Rapeseed has been cultivated in Europe and Asia for centuries, with evidence of its use dating back to ancient Indian and Chinese civilisations around 2000 BCE. The name "rapeseed" derives from the Latin word rapum, meaning turnip, reflecting its botanical relationship to root vegetables in the Brassica genus.
The largest producers of rapeseed oil include Canada, the European Union (particularly Germany, France, Poland, and the United Kingdom), China, India, and Australia. Global annual production of rapeseed oil exceeds 27 million metric tonnes, making it the third most produced vegetable oil in the world after palm oil and soybean oil. Rapeseed thrives in temperate climates with cool growing seasons and moderate rainfall.
The production of rapeseed oil begins with the harvesting of mature rapeseed pods, which contain small, dark seeds with an oil content of approximately 40-44% — one of the highest among oilseed crops. After cleaning and conditioning, the seeds are mechanically pressed (expeller pressing) and then typically subjected to solvent extraction to maximise oil yield. The resulting crude rapeseed oil is refined through degumming, neutralisation, bleaching, and deodorisation to produce a pale yellow, mild-flavoured oil suitable for food manufacturing and cooking.

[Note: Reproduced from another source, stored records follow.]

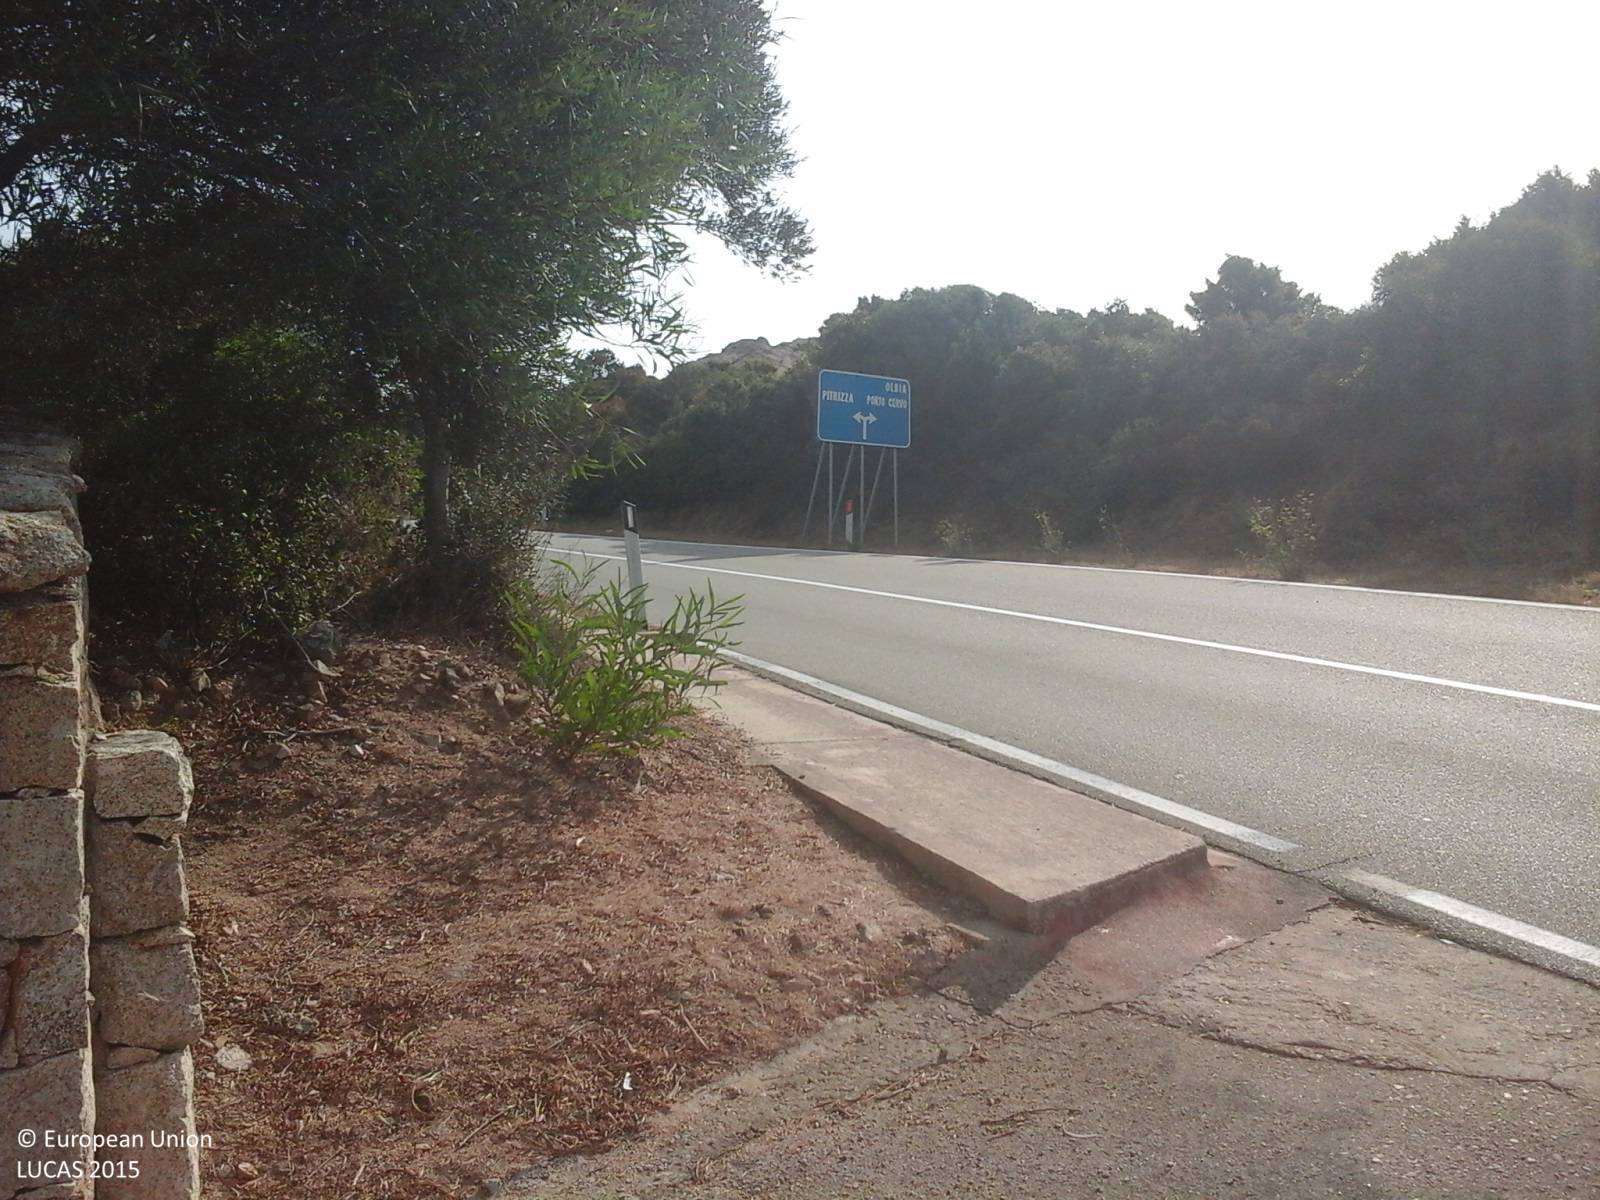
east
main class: Woodland
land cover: Broadleaved woodland
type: broadleaved evergreen forest
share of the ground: > 75 %
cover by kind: broadleaved forest trees 90 %, shrubs 5 %, unconsolidated bare surface 5 %
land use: Residential
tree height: > 5 m
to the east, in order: Broadleaved woodland; Dry stone walls; Broadleaved woodland; Grass margins; Paved roads, cycling and walking lanes; Grass margins; Broadleaved woodland; Tracks; Rocks and stones; Shrubland with sparse tree cover; Rocks and stones; Shrubland with sparse tree cover
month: September
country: IT
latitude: 41.1347
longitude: 9.5138
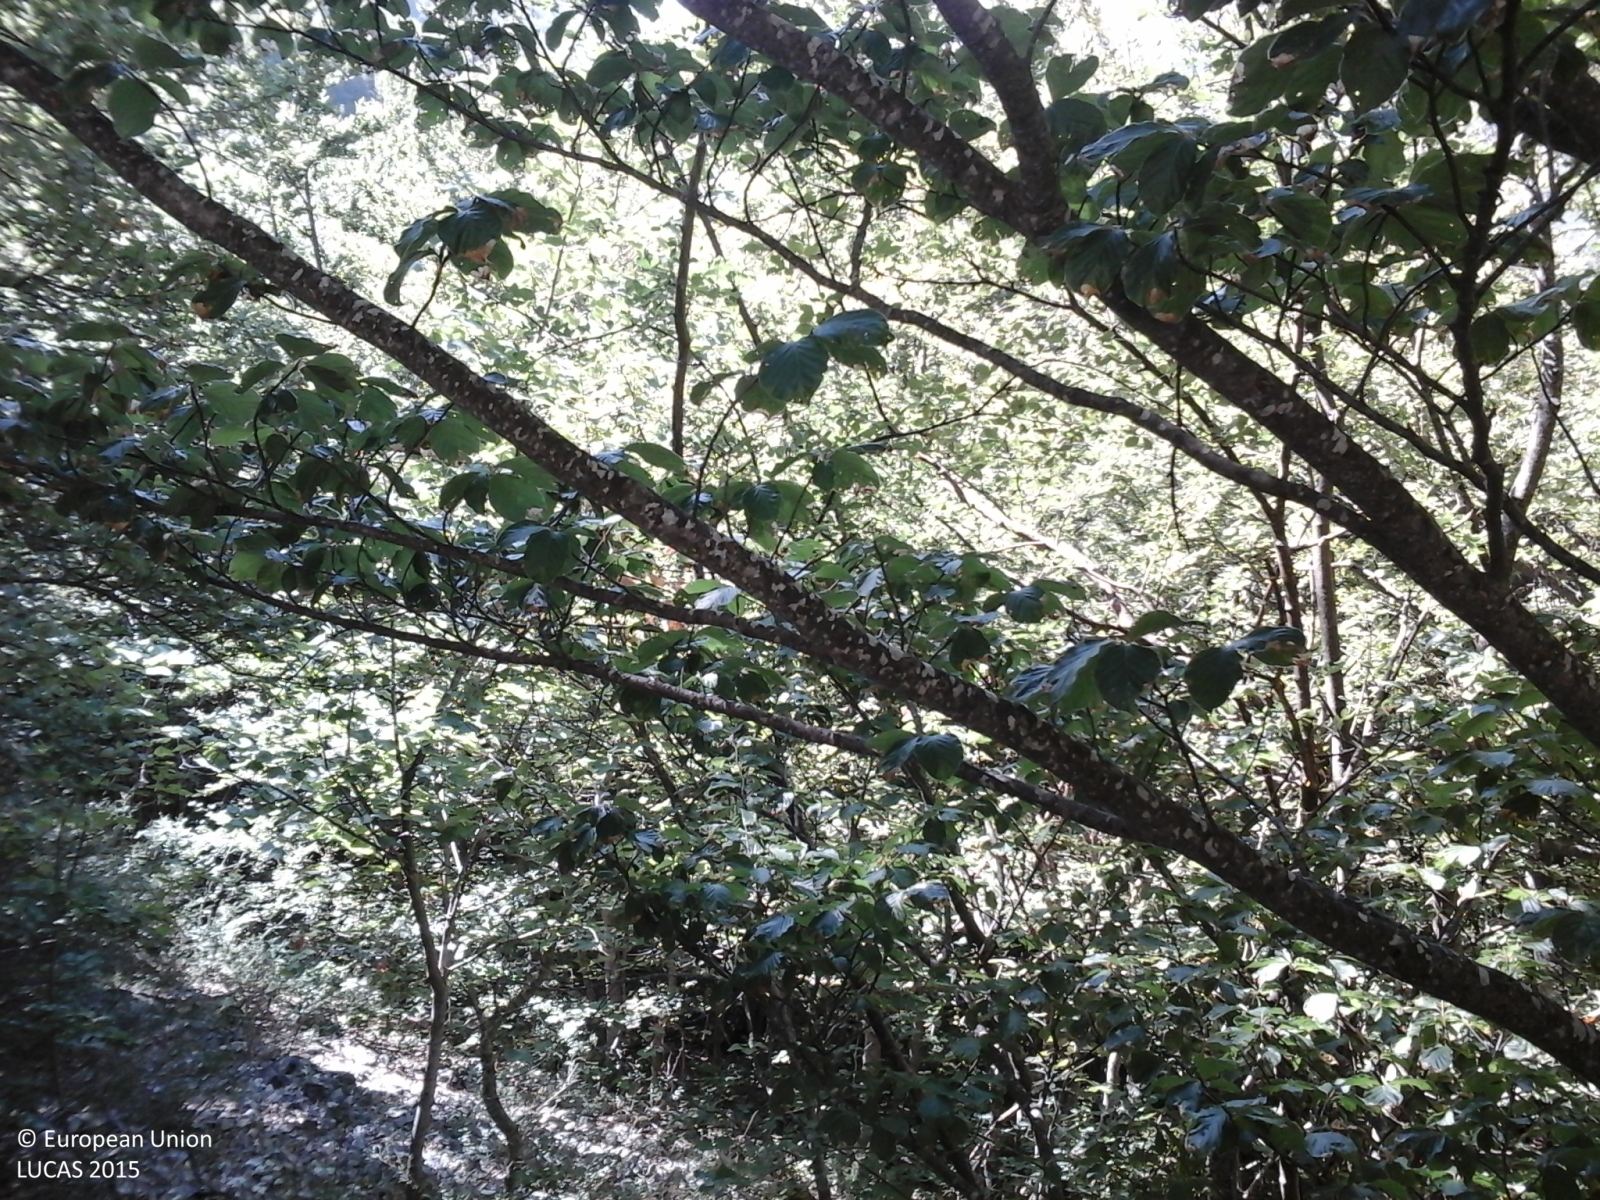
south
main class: Woodland
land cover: Broadleaved woodland
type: mountainous beech forest
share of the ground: > 75 %
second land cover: Grassland without tree/shrub cover
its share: < 10 %
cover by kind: broadleaved forest trees 90 %, herbaceous plants 10 %
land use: Forestry
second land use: Agriculture (excluding fallow land and kitchen gardens)
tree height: > 5 m
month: August
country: IT
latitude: 42.8577
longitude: 13.1605
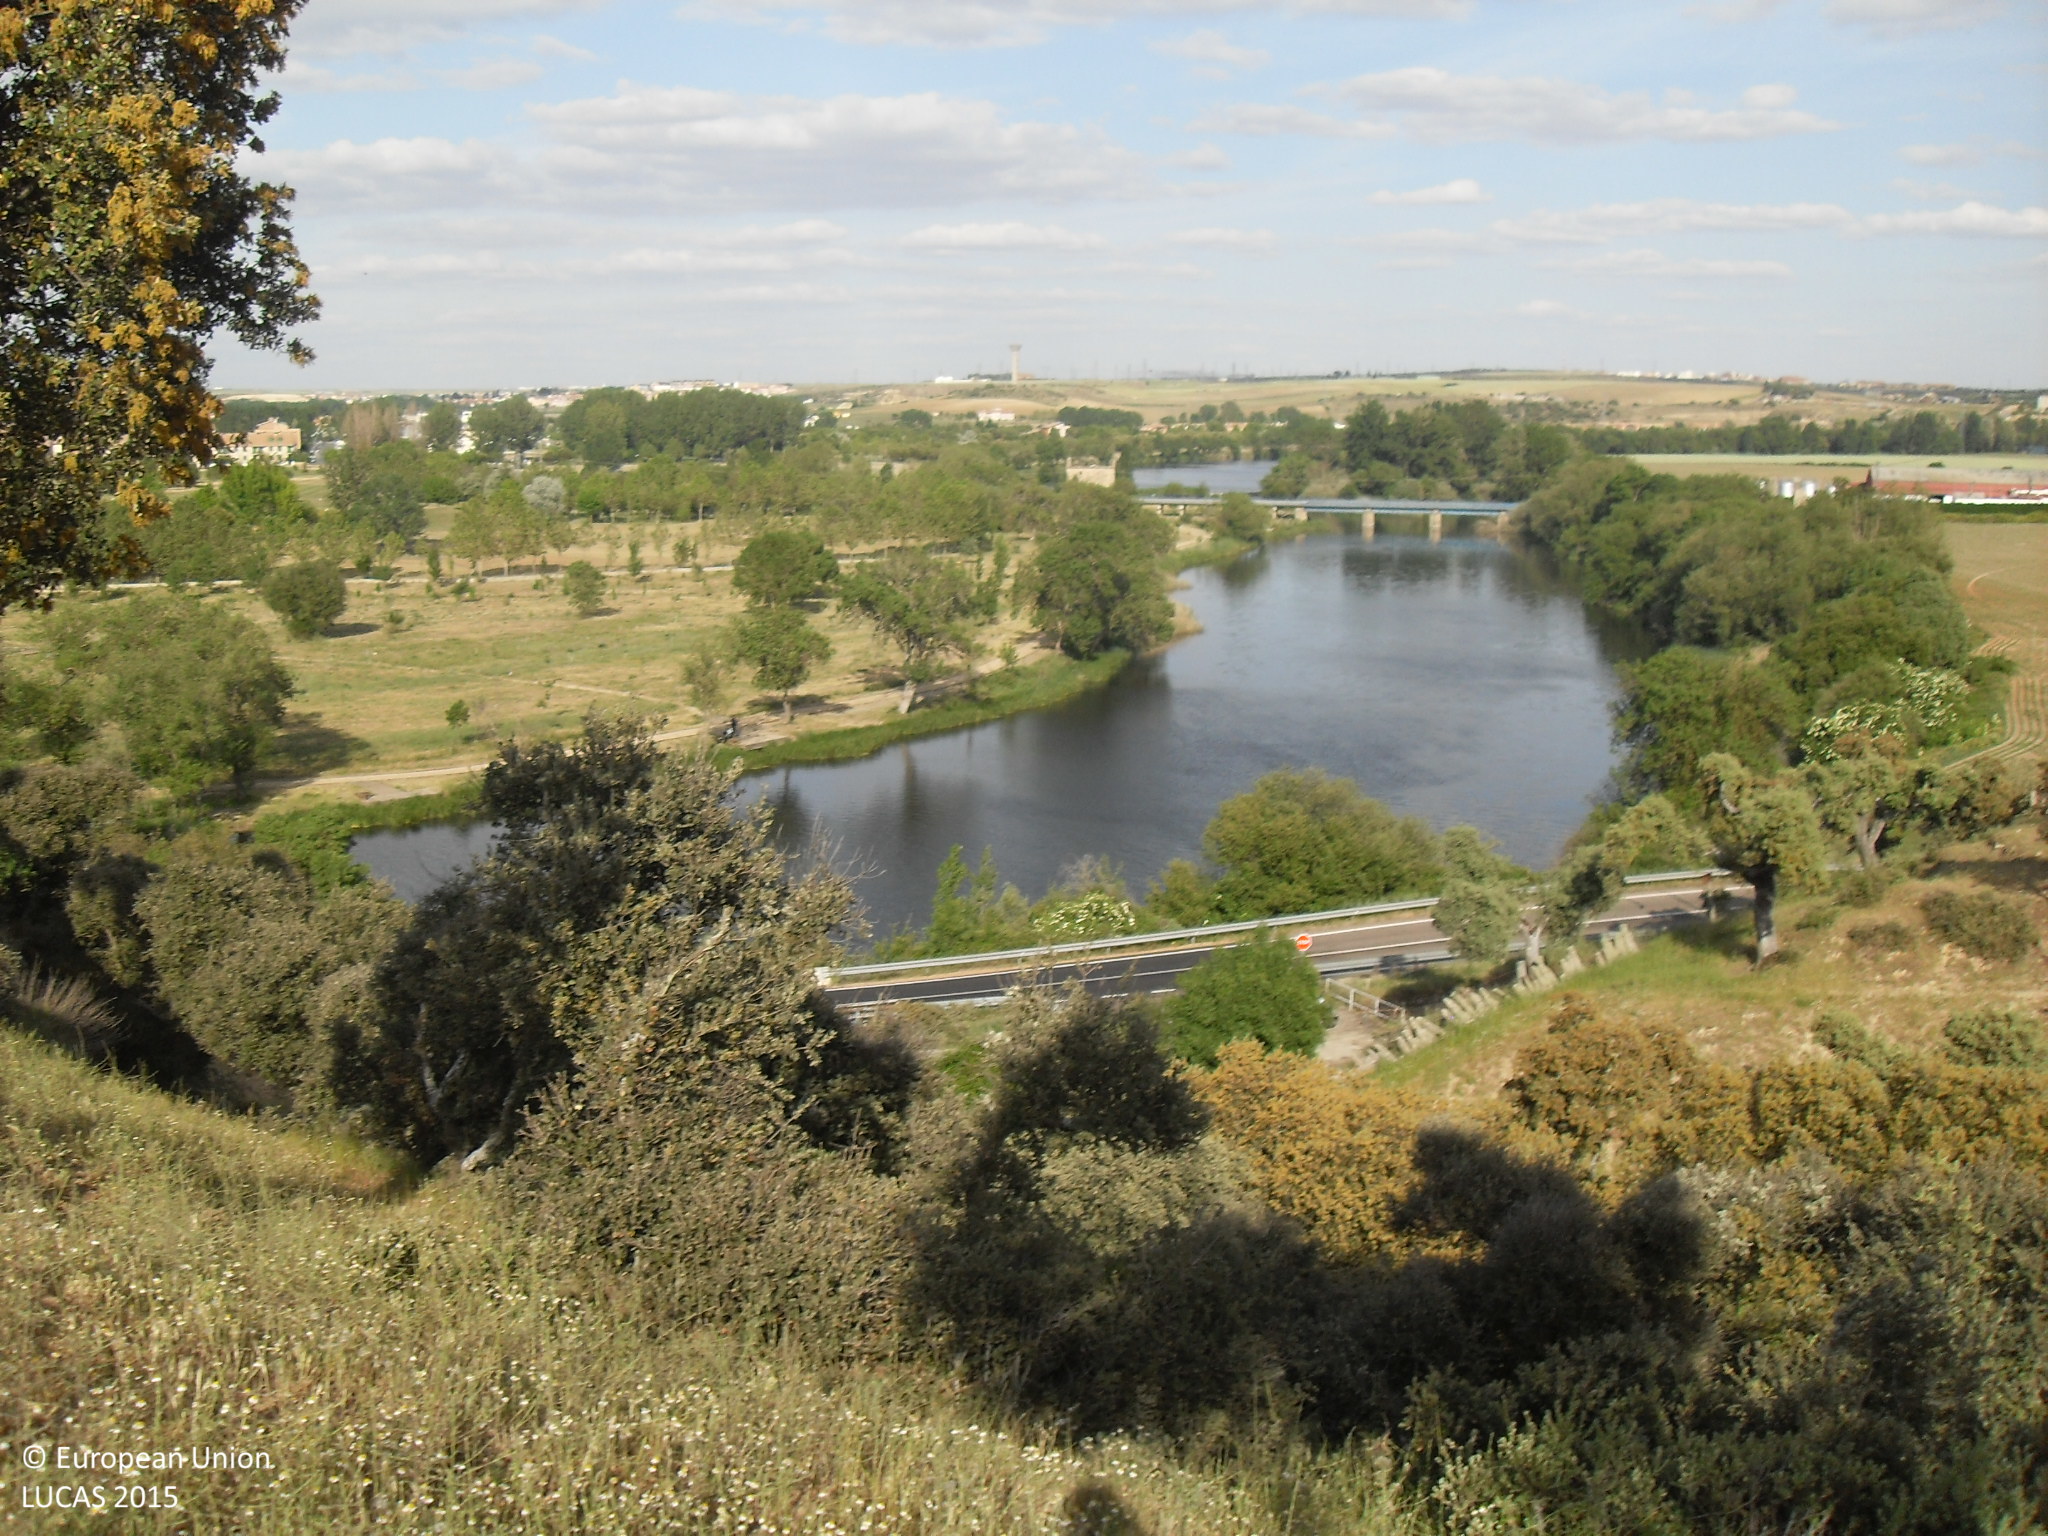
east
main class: Woodland
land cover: Broadleaved woodland
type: broadleaved evergreen forest
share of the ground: 10 - 25 %
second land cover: Grassland without tree/shrub cover
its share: > 75 %
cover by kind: herbaceous plants 80 %, broadleaved forest trees 20 %
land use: Forestry
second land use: Agriculture (excluding fallow land and kitchen gardens)
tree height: < 5 m
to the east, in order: Broadleaved woodland; Grassland without tree/shrub cover; Rocks and stones; Ditches and canals; Grass margins; Paved roads, cycling and walking lanes; Grass margins; Abandoned hedges; Inland fresh running water; Abandoned hedges; Grass margins; Tracks; Grassland without tree/shrub cover
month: May
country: ES
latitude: 40.9927
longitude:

A pivotal moment in rapeseed oil history occurred in the 1970s when Canadian plant breeders developed low-erucic-acid, low-glucosinolate rapeseed varieties — branded as "canola" (Canadian Oil, Low Acid). Traditional rapeseed oil contained 30-60% erucic acid. Canola varieties contain less than 2% erucic acid and have become the dominant rapeseed type in global food markets.
The fatty acid profile of canola/rapeseed oil is considered one of the most nutritionally balanced among vegetable oils: approximately 60-65% oleic acid (omega-9), 18-21% linoleic acid (omega-6), 9-11% alpha-linolenic acid (omega-3). The low saturated fat content (approximately 7%) is the lowest of any common cooking oil.
Historically, rapeseed oil was primarily used for lamp oil, lubricants, and industrial applications in Europe. In India and China, mustard and rapeseed oils have been used in cooking for thousands of years. During World War II, rapeseed oil was used as a marine engine lubricant, and the interruption of Asian supplies during the war led Canada to dramatically expand rapeseed cultivation. The post-war development of canola varieties transformed rapeseed from an industrial crop into a premium food oil.
In the food industry, rapeseed/canola oil is one of the most popular cooking and frying oils worldwide, valued for its neutral flavour, high smoke point (approximately 230 degrees Celsius for refined grades), excellent nutritional profile, and competitive pricing. It is widely used in commercial frying, salad dressings, mayonnaise, margarine, baked goods, and as a general-purpose food manufacturing oil. Cold-pressed rapeseed oil, which retains its natural golden colour and slightly nutty flavour, has become a premium product in European artisan food markets.
Rapeseed oil has significant industrial applications. It is the primary feedstock for biodiesel production in Europe, with rapeseed methyl ester (RME) meeting EN 14214 specifications. The European Union's renewable energy directives have driven massive expansion of rapeseed cultivation for biodiesel. Rapeseed oil is also used in bio-lubricants, hydraulic fluids, metalworking fluids, and as a base stock for environmentally sensitive lubrication applications where biodegradability is required.
Food-grade improvements include the development of high oleic rapeseed/canola varieties (HOLL — High Oleic, Low Linolenic) with improved frying stability, non-GMO identity-preserved supply chains, organic production systems, and cold-pressing techniques that preserve natural antioxidants and flavour compounds.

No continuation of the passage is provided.